PROBLEM REQUIREMENTS =
Below are records with pictures in them; print them exactly, omitting the pictures.

GIVEN ENTRIES =
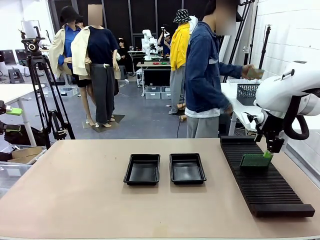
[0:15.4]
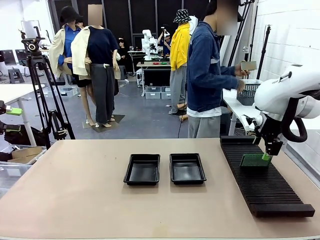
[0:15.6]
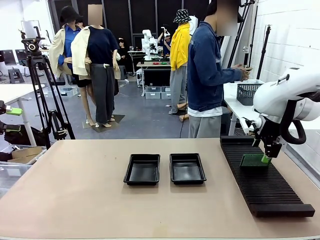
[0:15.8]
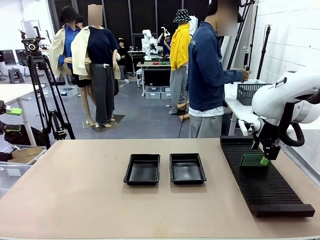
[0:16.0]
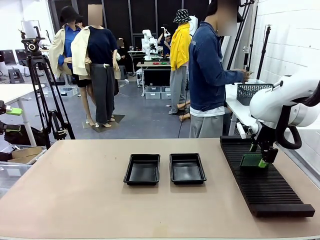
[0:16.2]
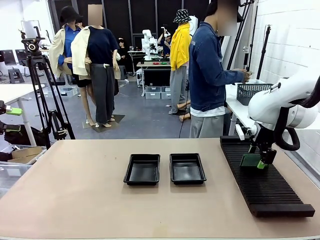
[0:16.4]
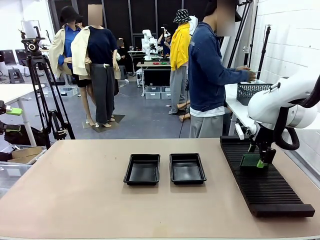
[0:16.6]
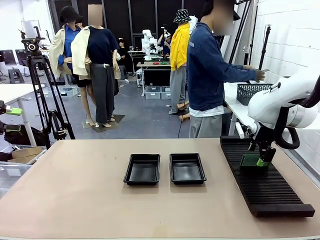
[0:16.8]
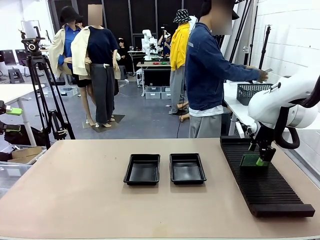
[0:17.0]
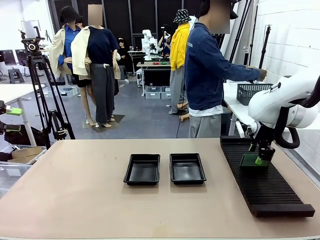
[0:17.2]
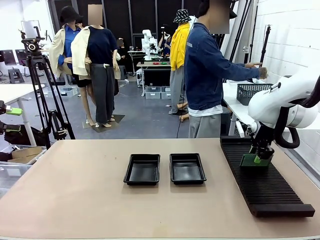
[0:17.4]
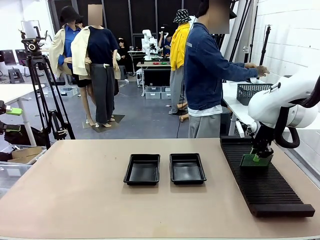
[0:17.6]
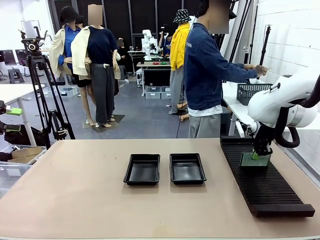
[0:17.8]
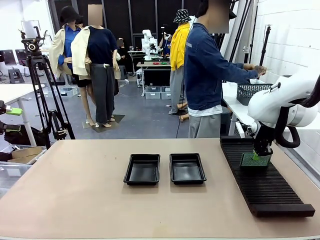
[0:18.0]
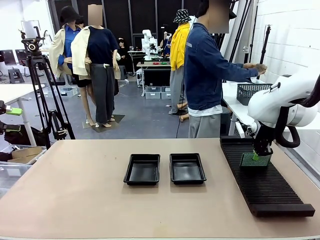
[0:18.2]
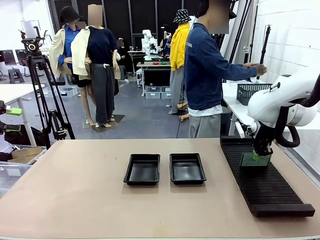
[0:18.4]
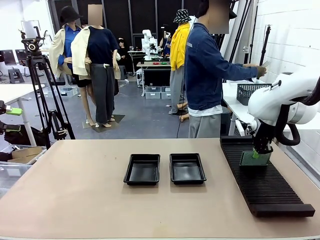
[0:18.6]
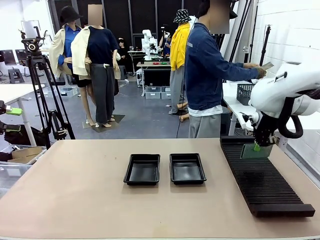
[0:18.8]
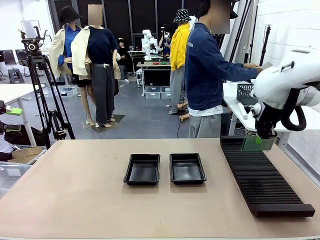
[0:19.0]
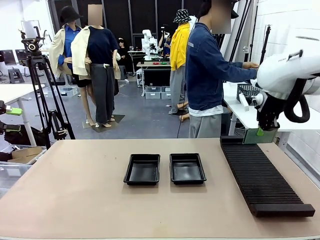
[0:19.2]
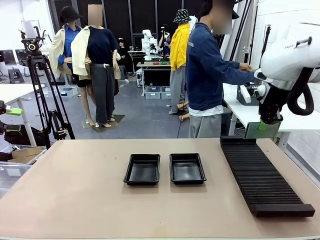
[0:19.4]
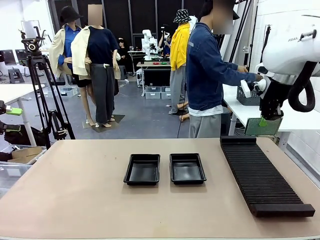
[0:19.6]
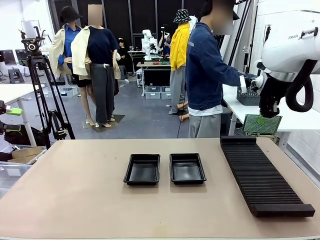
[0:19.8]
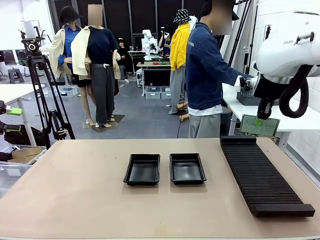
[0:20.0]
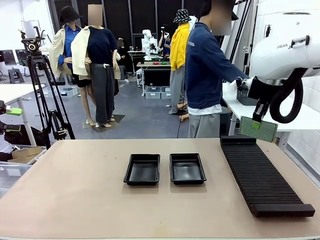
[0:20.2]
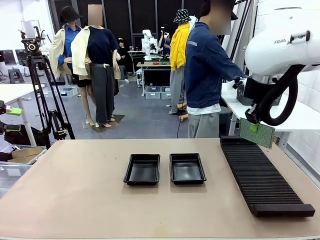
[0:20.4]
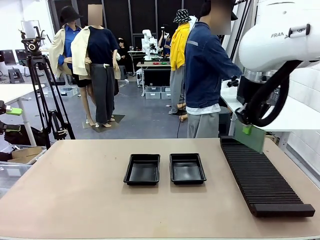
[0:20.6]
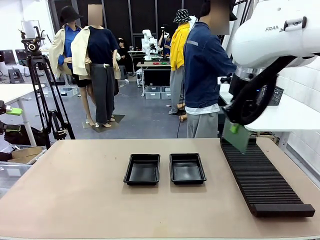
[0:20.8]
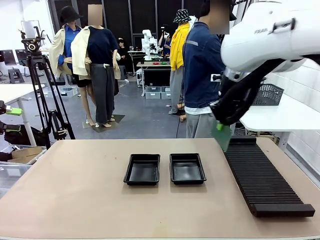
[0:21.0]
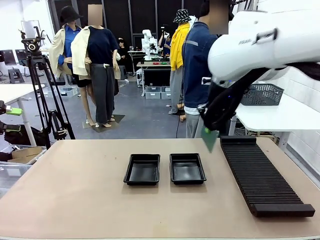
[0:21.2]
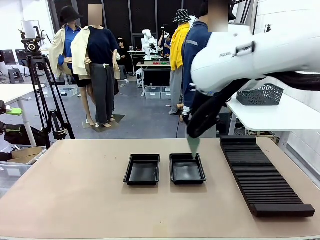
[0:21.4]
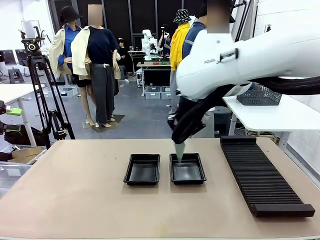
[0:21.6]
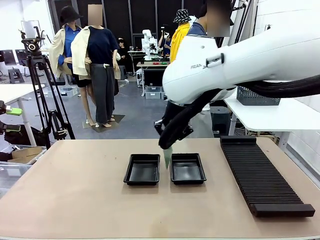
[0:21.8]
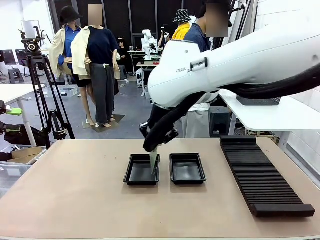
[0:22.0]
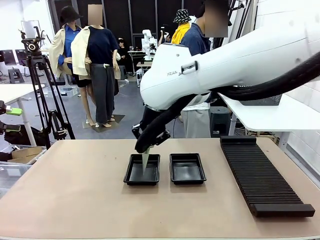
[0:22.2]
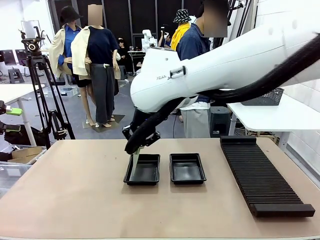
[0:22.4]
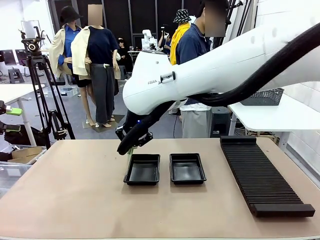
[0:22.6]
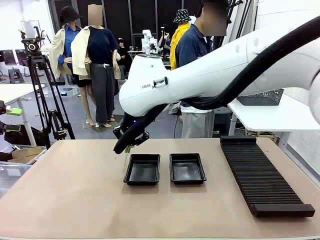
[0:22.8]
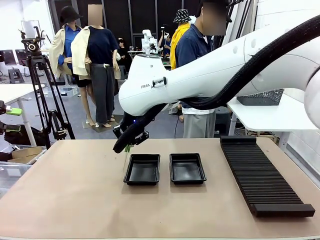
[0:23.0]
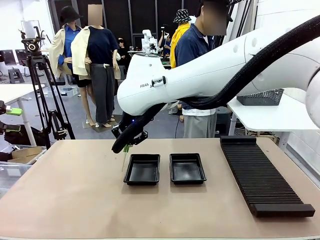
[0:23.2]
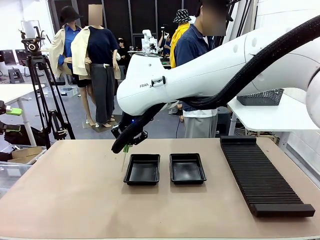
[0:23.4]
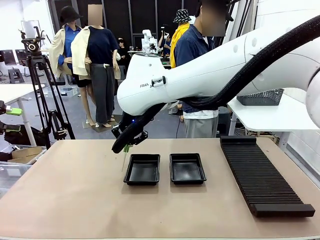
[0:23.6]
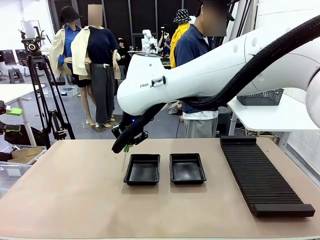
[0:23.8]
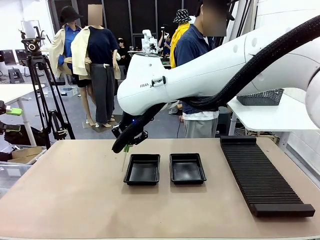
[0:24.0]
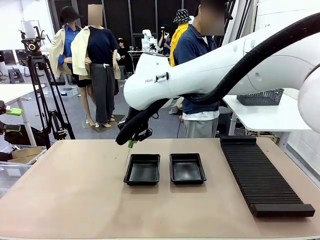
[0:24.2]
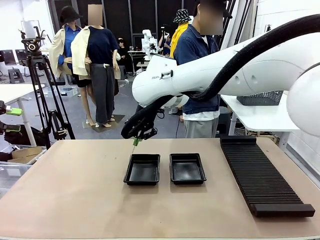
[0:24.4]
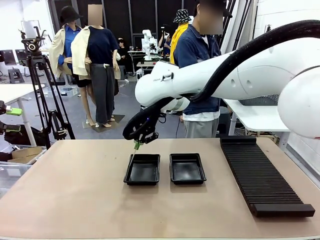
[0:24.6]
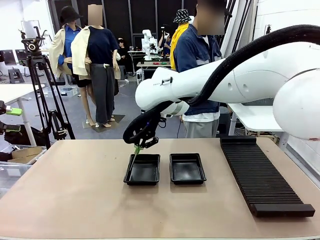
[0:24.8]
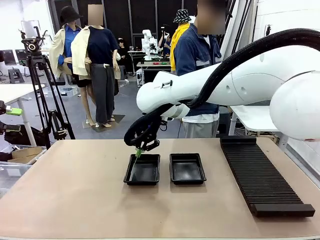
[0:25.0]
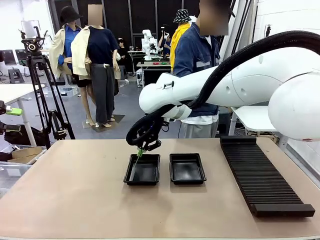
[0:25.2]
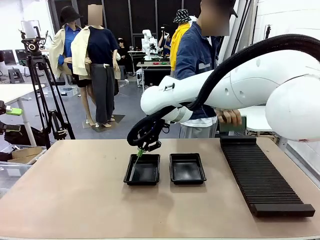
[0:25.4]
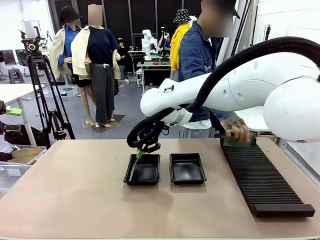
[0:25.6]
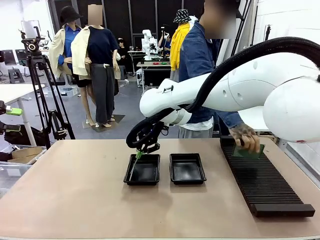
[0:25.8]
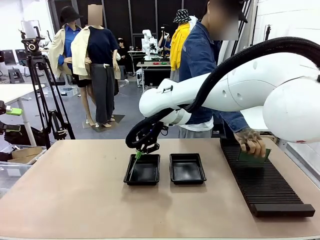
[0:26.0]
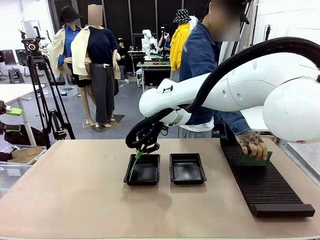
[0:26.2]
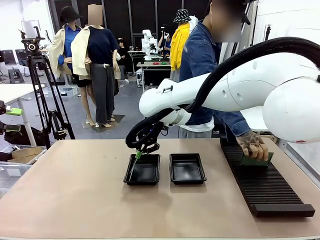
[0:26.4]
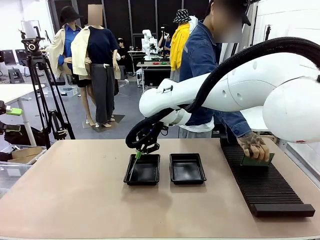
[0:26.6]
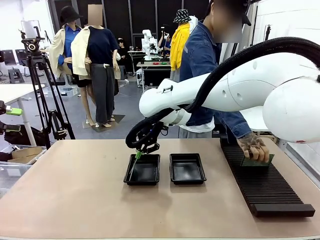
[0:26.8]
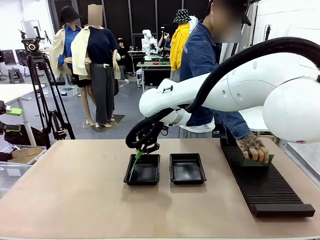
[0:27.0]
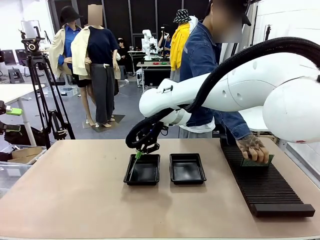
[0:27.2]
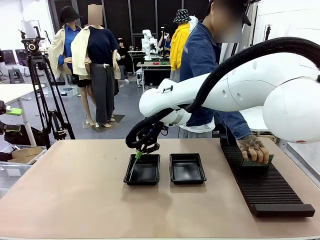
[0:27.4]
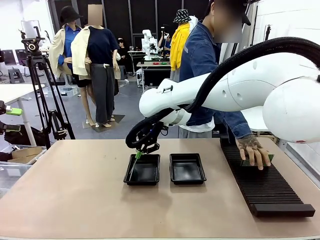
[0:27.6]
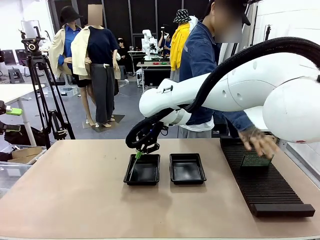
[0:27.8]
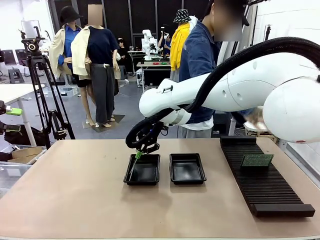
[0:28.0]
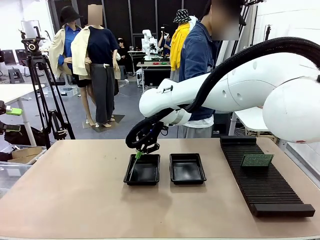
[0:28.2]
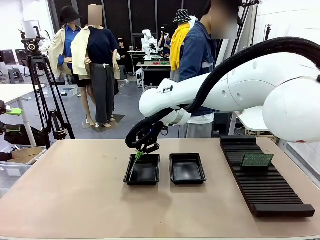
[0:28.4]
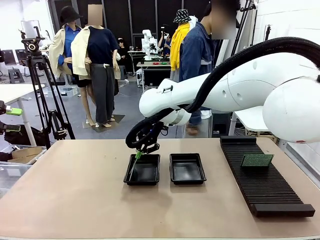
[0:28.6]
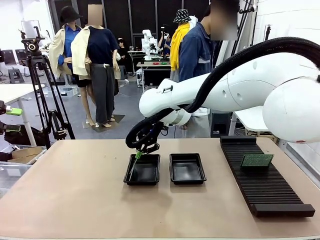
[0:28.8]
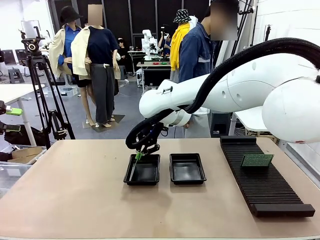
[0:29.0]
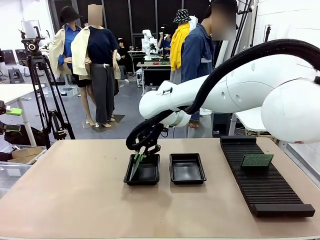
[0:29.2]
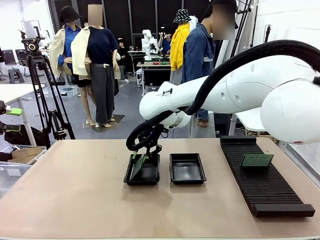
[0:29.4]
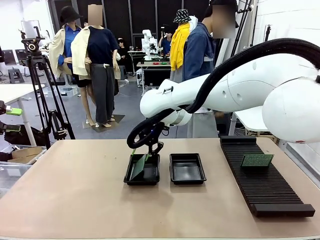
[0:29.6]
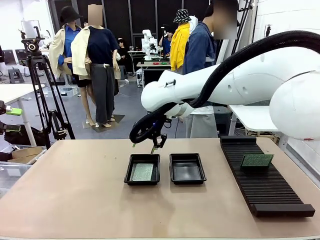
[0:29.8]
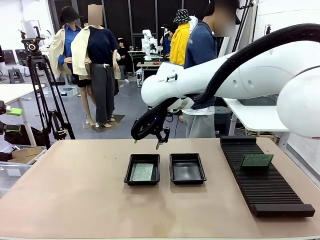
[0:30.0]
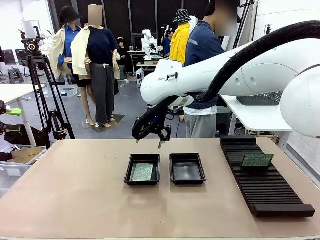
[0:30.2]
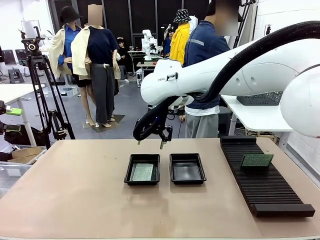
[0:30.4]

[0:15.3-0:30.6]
Task: Inspect and transfer BCBs to ESD trays.
Robot: Pick up the Blank PCB from the PCB Rack and place it in the left ESD tray.

ANSWER TO THIS PROBLEM =
[0:15.4]
[0:15.6]
[0:15.8]
[0:16.0]
[0:16.2]
[0:16.4]
[0:16.6]
[0:16.8]
[0:17.0]
[0:17.2]
[0:17.4]
[0:17.6]
[0:17.8]
[0:18.0]
[0:18.2]
[0:18.4]
[0:18.6]
[0:18.8]
[0:19.0]
[0:19.2]
[0:19.4]
[0:19.6]
[0:19.8]
[0:20.0]
[0:20.2]
[0:20.4]
[0:20.6]
[0:20.8]
[0:21.0]
[0:21.2]
[0:21.4]
[0:21.6]
[0:21.8]
[0:22.0]
[0:22.2]
[0:22.4]
[0:22.6]
[0:22.8]
[0:23.0]
[0:23.2]
[0:23.4]
[0:23.6]
[0:23.8]
[0:24.0]
[0:24.2]
[0:24.4]
[0:24.6]
[0:24.8]
[0:25.0]
[0:25.2]
[0:25.4]
[0:25.6]
[0:25.8]
[0:26.0]
[0:26.2]
[0:26.4]
[0:26.6]
[0:26.8]
[0:27.0]
[0:27.2]
[0:27.4]
[0:27.6]
[0:27.8]
[0:28.0]
[0:28.2]
[0:28.4]
[0:28.6]
[0:28.8]
[0:29.0]
[0:29.2]
[0:29.4]
[0:29.6]
[0:29.8]
[0:30.0]
[0:30.2]
[0:30.4]

[0:15.3-0:30.6]
Task: Inspect and transfer BCBs to ESD trays.
Robot: Pick up the Blank PCB from the PCB Rack and place it in the left ESD tray.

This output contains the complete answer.